___ DATA SUPPLIED
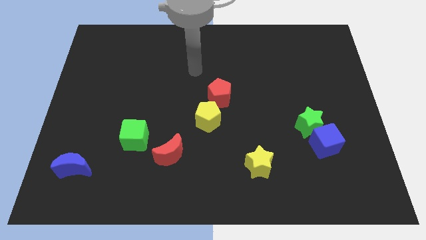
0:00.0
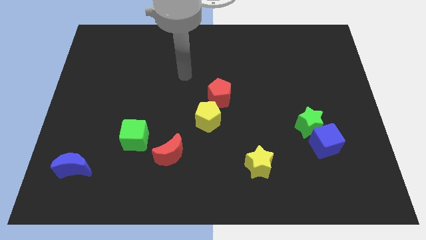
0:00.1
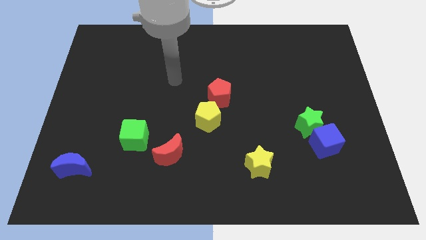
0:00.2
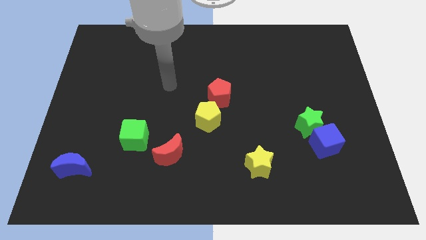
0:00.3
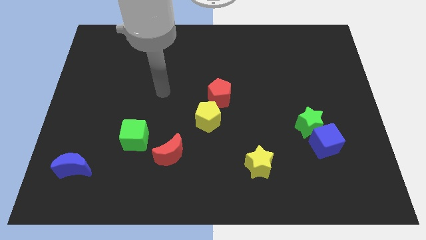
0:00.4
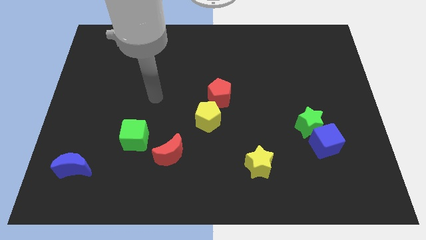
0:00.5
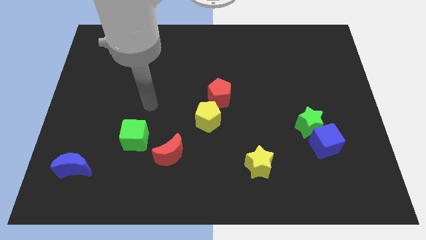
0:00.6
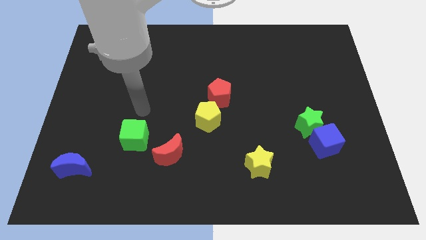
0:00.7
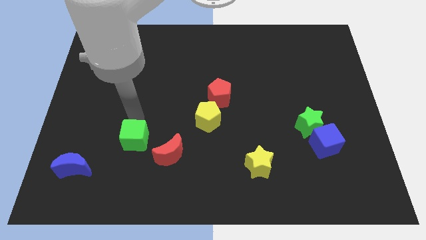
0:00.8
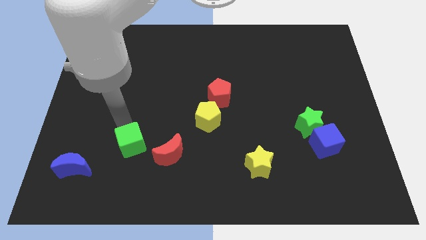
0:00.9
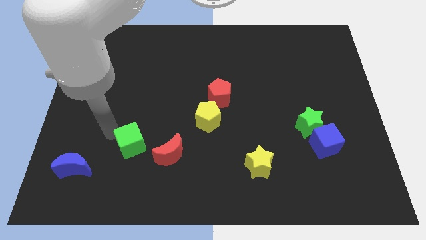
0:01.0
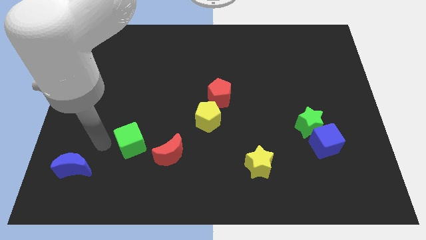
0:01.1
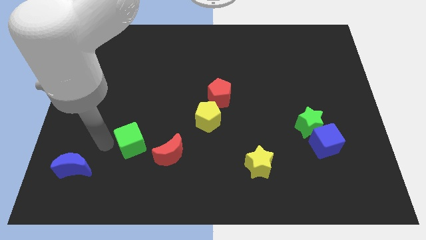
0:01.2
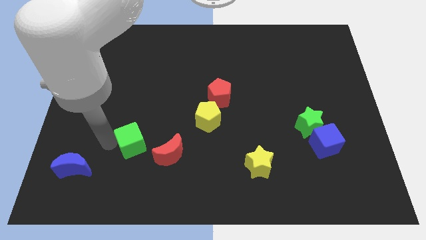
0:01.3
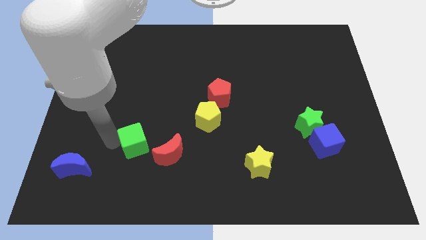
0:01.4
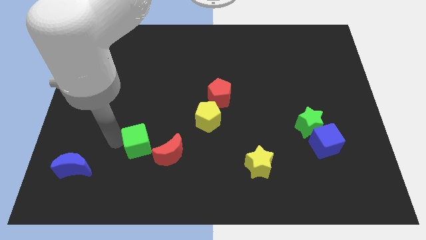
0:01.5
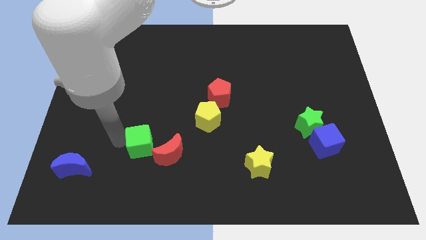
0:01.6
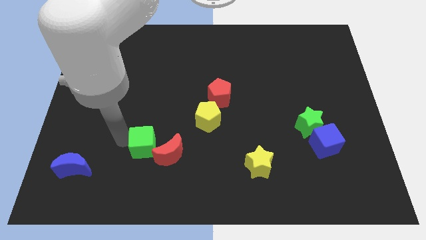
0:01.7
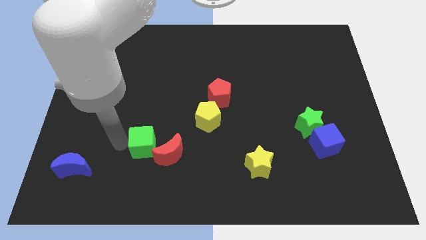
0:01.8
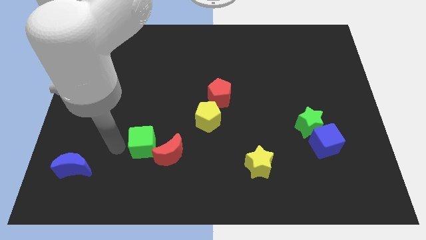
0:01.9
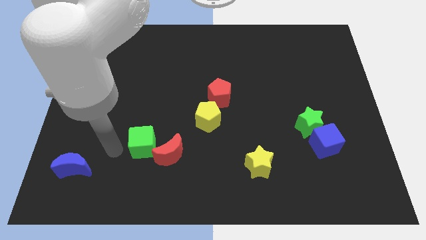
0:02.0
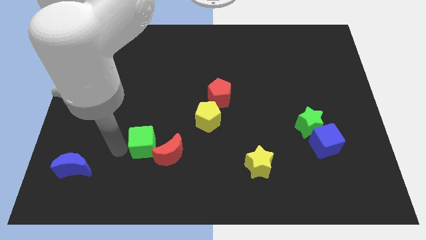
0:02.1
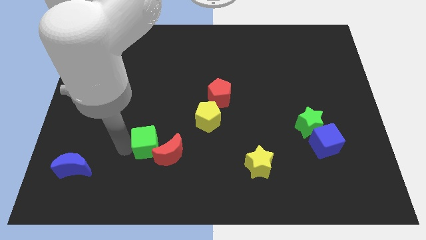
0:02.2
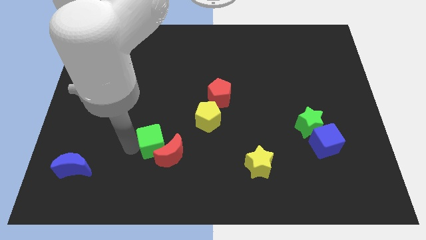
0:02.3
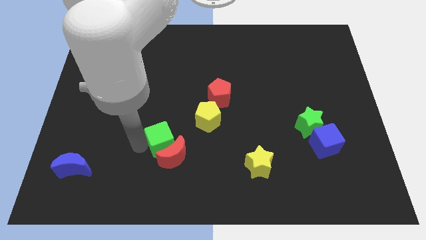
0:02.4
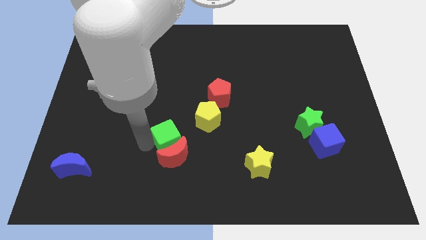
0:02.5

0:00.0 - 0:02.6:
slightly slide the green cube right
______
## [ASSIGNMENT]
Please set the data above down exactly, with the pictures removed.

## [EXERCISE RESULT]
0:00.0
0:00.1
0:00.2
0:00.3
0:00.4
0:00.5
0:00.6
0:00.7
0:00.8
0:00.9
0:01.0
0:01.1
0:01.2
0:01.3
0:01.4
0:01.5
0:01.6
0:01.7
0:01.8
0:01.9
0:02.0
0:02.1
0:02.2
0:02.3
0:02.4
0:02.5

0:00.0 - 0:02.6:
slightly slide the green cube right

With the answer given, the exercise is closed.